MJ: Is it a source of frustration that Beltway politics seems to be driving how this war is waged?

 

WD: Absolutely. Politics has been problematic from the very beginning. In the view of the military, most people in the military, politics is what stood in the way of doing the right thing to start with. The politics of the situation precluded many, many things that needed to be done.

 

MJ: Such as?

 

WD: Not sending enough people. That’s the first thing. Most people in the Army and the Marines would tell you they needed at least 400,000 people. And they send 130,000.

 

MJ: The whole General Shinseki episode?

 

WD: Yes, but it wasn’t just him. There were lots and lots of guys who just quit over that issue—generals. There are other things, too. Nobody in the Army thought it was a good idea to disband the Iraqi Army. The political guys all thought that this was a rehash of Germany and the Baathists were the new Nazis. “Well, let’s dump them, because that’s what we did in Germany.” There was just no cultural sophistication at all in terms of understanding the differences between Iraq and Nazi Germany. It was just a template that was overlaid by [Paul] Wolfowitz and those guys. You know over the surface of this. There was no understanding that the only thing that all Iraqis identified with was the military. When you stripped that backbone out, then there is no common culture.
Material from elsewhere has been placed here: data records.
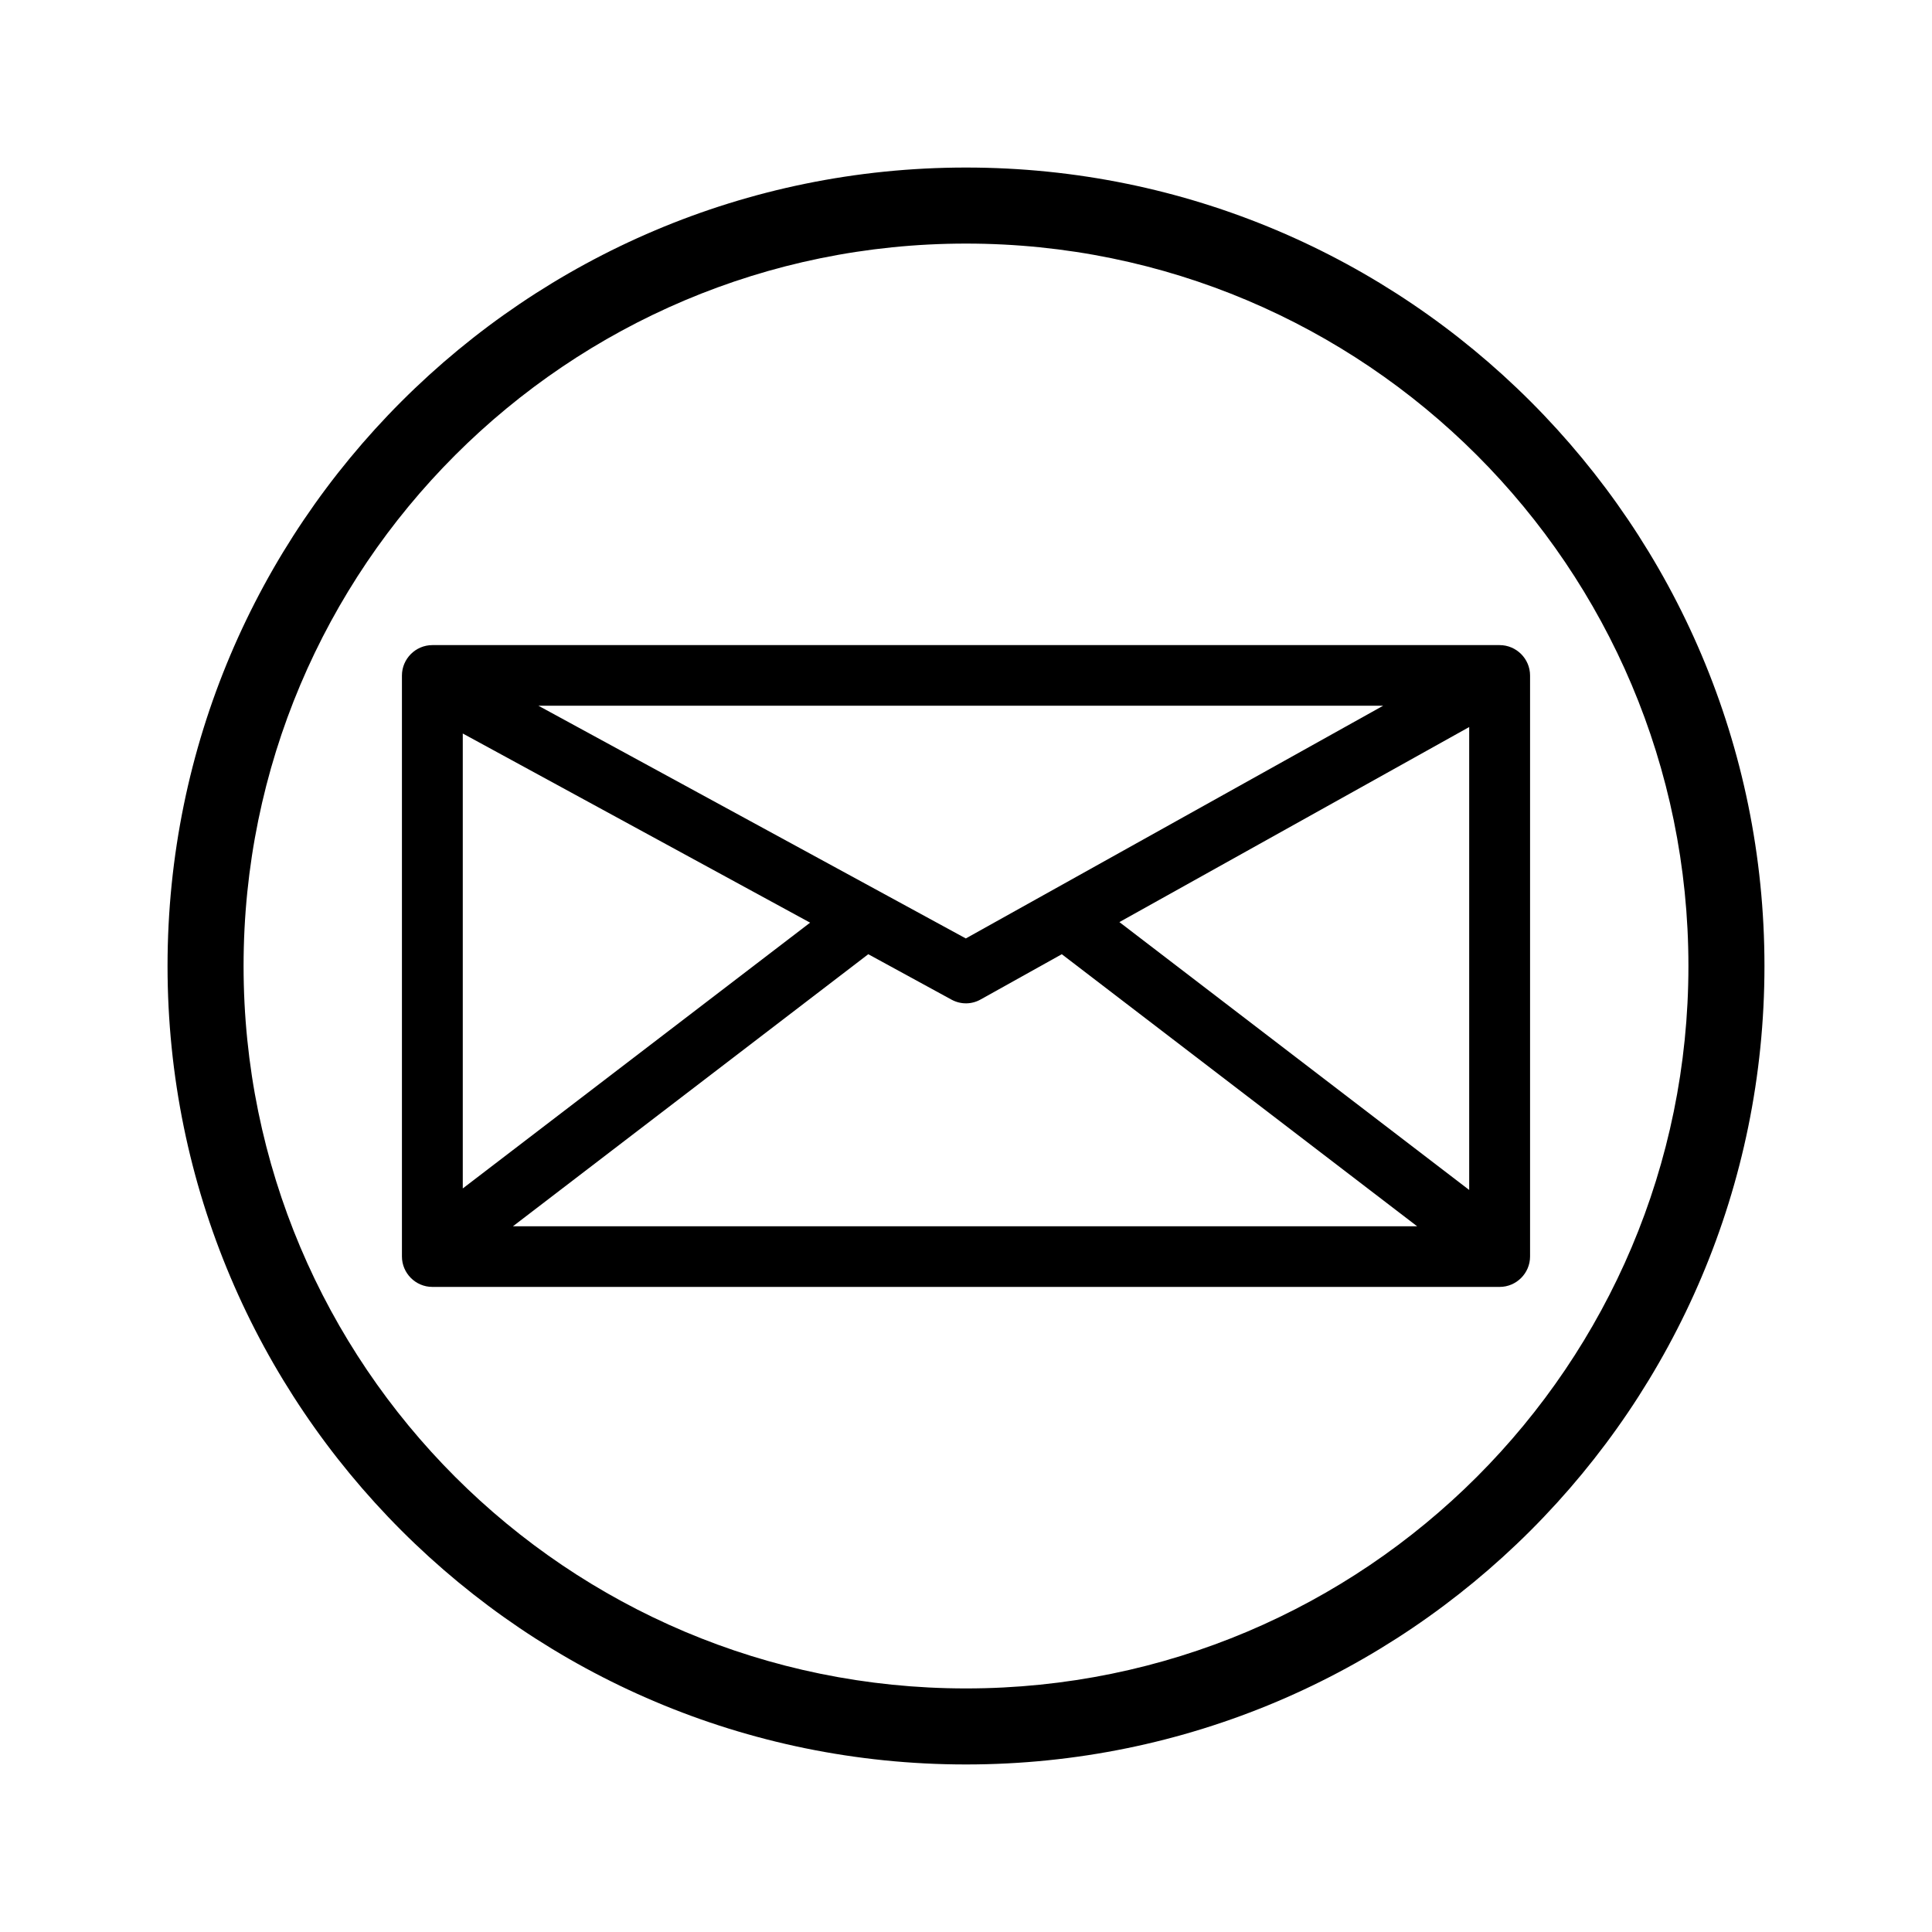<?xml version="1.0" encoding="UTF-8"?>
<!-- The Best Svg Icon site in the world: iconSvg.co, Visit us! https://iconsvg.co -->
<svg fill="#000000" width="800px" height="800px" version="1.1" viewBox="144 144 512 512" xmlns="http://www.w3.org/2000/svg">
 <g>
  <path d="m258.58 314.96h282.84c4.434 0 8.062 3.629 8.062 8.062v153.96c0 4.434-3.629 8.062-8.062 8.062h-282.84c-4.434 0-8.062-3.629-8.062-8.062v-153.96c0-4.434 3.629-8.062 8.062-8.062zm115.52 81.918-94.16 72.094h239.61l-94.16-72.094-21.512 11.992c-2.316 1.309-5.188 1.41-7.707 0.051l-22.066-12.043zm-107.46 62.07 92.047-70.434-92.047-50.129zm20.051-127.92 113.26 61.668 110.59-61.668zm246.66 5.644-92.699 51.691 92.699 70.988z"/>
  <path d="m400 188.4c116.83 0 211.6 94.766 211.6 211.6 0 116.83-94.766 211.6-211.6 211.6-116.83 0-211.6-94.766-211.6-211.6 0-116.83 94.766-211.6 211.6-211.6zm0 20.152c-105.75 0-191.45 85.699-191.45 191.45s85.699 191.45 191.45 191.45 191.45-85.699 191.45-191.45-85.699-191.45-191.45-191.45z"/>
 </g>
</svg>

The people in the military and the CIA that understood this were just dismissed out of hand, because of politics. So that’s where we’re at.

 

MJ: You served under General David Petraeus at Fort Leavenworth. Tell me about him.

 

WD: General Petraeus is the most competitive person I have ever known, ever. I have known many four-star generals. He is the most competitive guy in every way. He is a deep thinker. He is also a quintessential diplomat. I am not going to say politician because that kind of carries a connotation, but he is a diplomat. He is a genuine soldier-scholar diplomat. I mean he runs five miles a day and he can do any military skills you want, he can do it better than you, and he will make a point of it. He knows everybody. Any person of note in the news that you would think of, across all political spectrums, at some point or other he had personal contact with him. He has a personal relationships with a large number of members of the media. He very patiently explains what he is doing. He very patiently listens to criticism. He’s not a flamer. Are you familiar with that term?

 

MJ: No.

 

WD: A flamer is a guy who settles every issue by yelling at you, or screaming at you, or demanding things and bullying you into doing things. That’s their idea of leadership. That’s not Petraeus at all. He is a very quiet, lead-by-example guy, very demanding though. You cannot do enough push-ups or pull-ups for General Patraeus. You can’t. If you did 50 push-ups last week and you did 100 this week, he’d ask you for 150 next week.

 

MJ: Right. What’s your take on what the regional aftermath would be if we were to pull out too quickly?

 

WD: It would be civil war between the Sunni and Shiite, and the Kurd and the Turkoman would be at each other. Right now you are watching a small bloodbath, but a month or two months ago it was not uncommon for fifty, a hundred people a day to be killed. I would think if we were to leave, with the quantity of weapons there, with the Iranian influence facing off with the Saudi influence and the Al Qaeda influence, I think you would be talking many hundred a day. If you let these guys duke it out, they will. And Iran is in a position to be pretty helpful to people that want to duke it out on behalf of their own religious ideology.